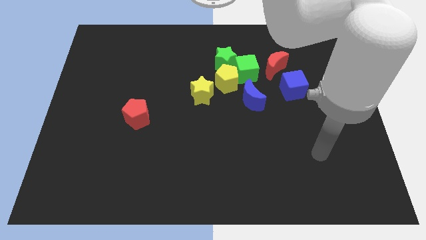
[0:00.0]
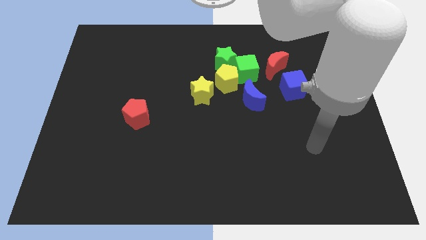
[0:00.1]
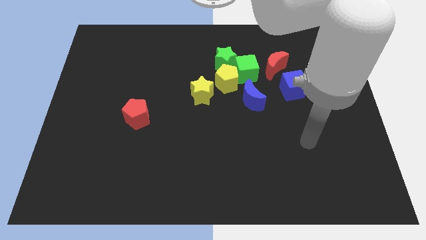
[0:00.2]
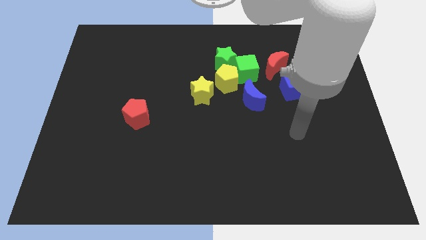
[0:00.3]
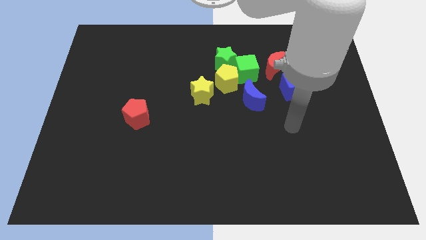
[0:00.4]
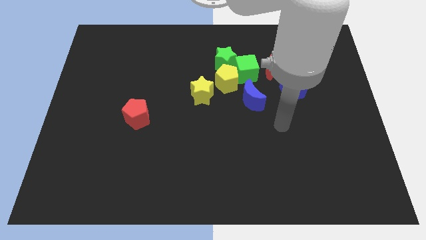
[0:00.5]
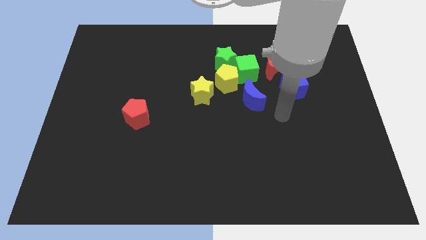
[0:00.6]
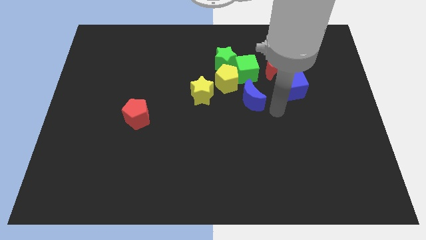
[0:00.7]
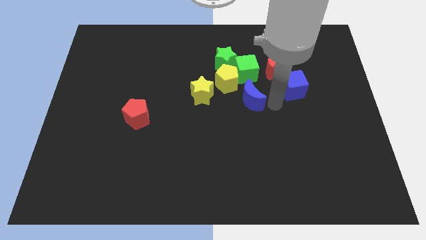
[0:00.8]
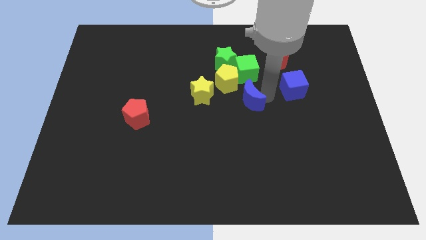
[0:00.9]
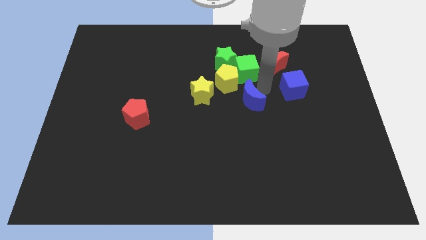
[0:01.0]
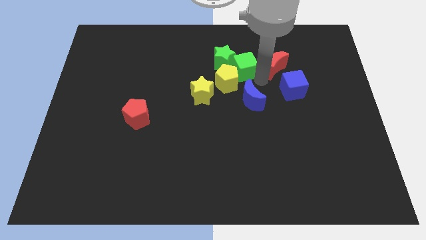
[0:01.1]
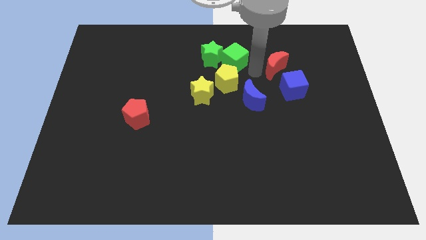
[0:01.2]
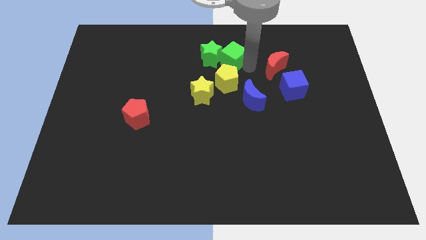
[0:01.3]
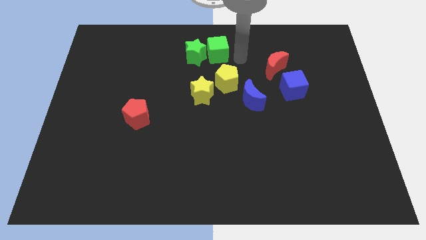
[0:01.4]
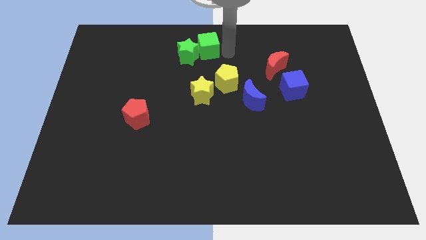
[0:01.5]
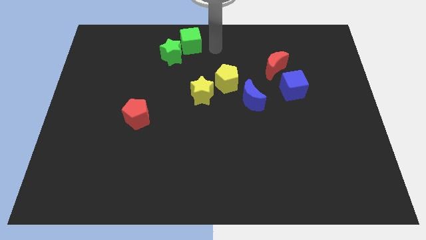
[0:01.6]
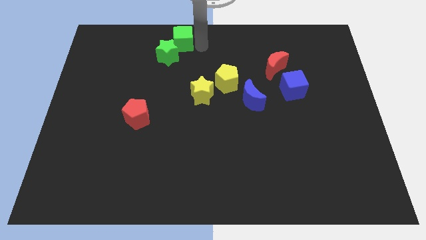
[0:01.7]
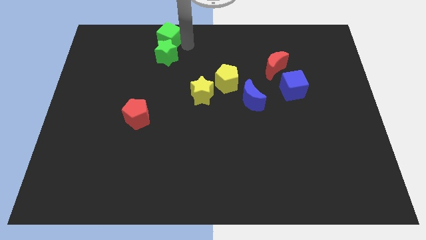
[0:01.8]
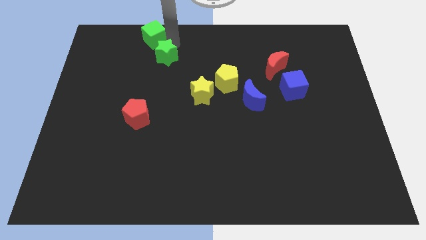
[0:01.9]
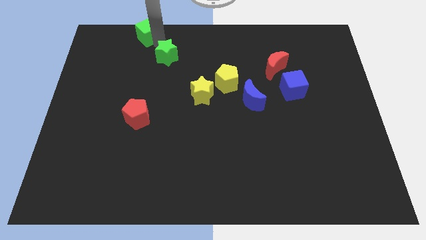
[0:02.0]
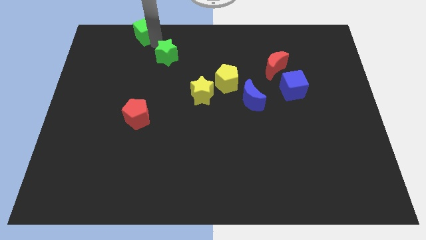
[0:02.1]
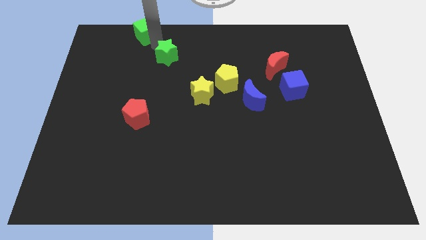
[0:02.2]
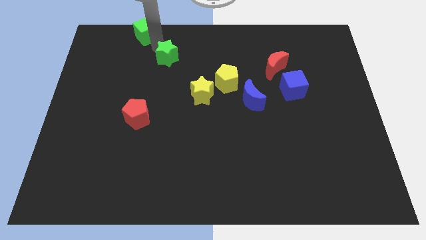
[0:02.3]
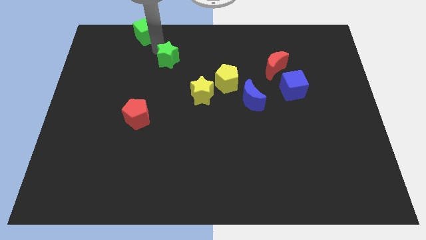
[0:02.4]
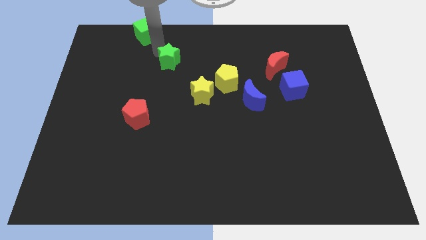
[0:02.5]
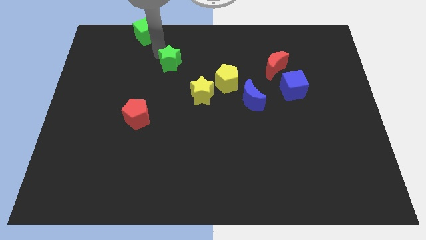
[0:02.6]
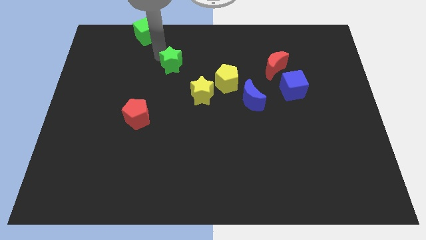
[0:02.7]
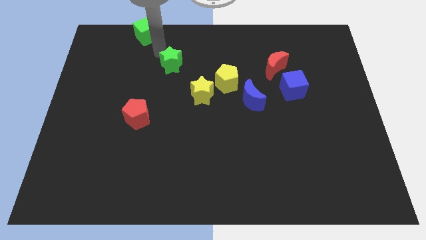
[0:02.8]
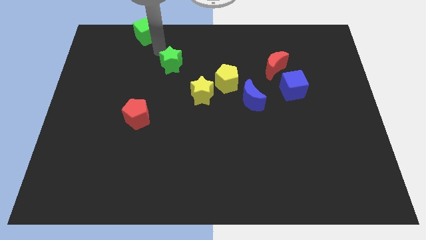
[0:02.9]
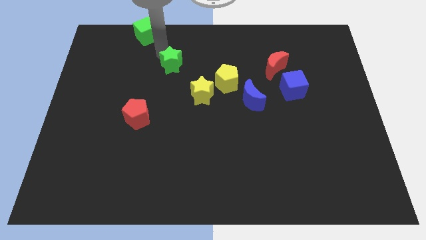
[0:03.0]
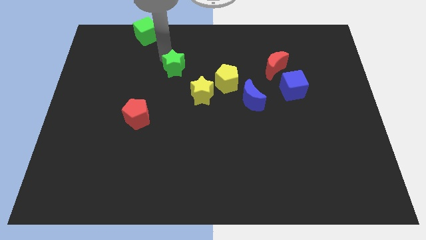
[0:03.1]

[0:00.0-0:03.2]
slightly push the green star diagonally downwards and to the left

------------------------------------------------

Brief - Print every line above exactly as given, but not the pictures.

Answer space -
[0:00.0]
[0:00.1]
[0:00.2]
[0:00.3]
[0:00.4]
[0:00.5]
[0:00.6]
[0:00.7]
[0:00.8]
[0:00.9]
[0:01.0]
[0:01.1]
[0:01.2]
[0:01.3]
[0:01.4]
[0:01.5]
[0:01.6]
[0:01.7]
[0:01.8]
[0:01.9]
[0:02.0]
[0:02.1]
[0:02.2]
[0:02.3]
[0:02.4]
[0:02.5]
[0:02.6]
[0:02.7]
[0:02.8]
[0:02.9]
[0:03.0]
[0:03.1]

[0:00.0-0:03.2]
slightly push the green star diagonally downwards and to the left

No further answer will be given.